Listed records |
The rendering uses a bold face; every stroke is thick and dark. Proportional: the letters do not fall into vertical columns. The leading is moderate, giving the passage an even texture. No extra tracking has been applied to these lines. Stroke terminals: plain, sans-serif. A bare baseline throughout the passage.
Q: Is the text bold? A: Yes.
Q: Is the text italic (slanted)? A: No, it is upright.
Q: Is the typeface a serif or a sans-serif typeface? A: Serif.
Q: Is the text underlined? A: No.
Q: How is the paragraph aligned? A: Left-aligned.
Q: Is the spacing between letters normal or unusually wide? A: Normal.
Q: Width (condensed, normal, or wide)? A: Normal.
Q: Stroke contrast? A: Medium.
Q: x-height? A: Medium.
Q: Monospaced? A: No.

* * *

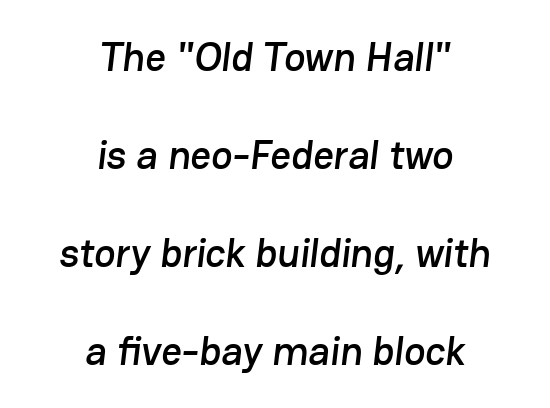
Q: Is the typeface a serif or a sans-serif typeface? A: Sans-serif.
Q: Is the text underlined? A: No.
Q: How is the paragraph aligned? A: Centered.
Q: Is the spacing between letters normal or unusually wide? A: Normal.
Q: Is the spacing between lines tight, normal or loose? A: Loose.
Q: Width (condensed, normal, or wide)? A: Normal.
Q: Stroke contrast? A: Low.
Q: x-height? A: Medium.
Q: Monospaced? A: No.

How to complete this task | Search the entries above for the string "contrast", and report each line where it occurs.

Response |
Q: Stroke contrast? A: Medium.
Q: Stroke contrast? A: Low.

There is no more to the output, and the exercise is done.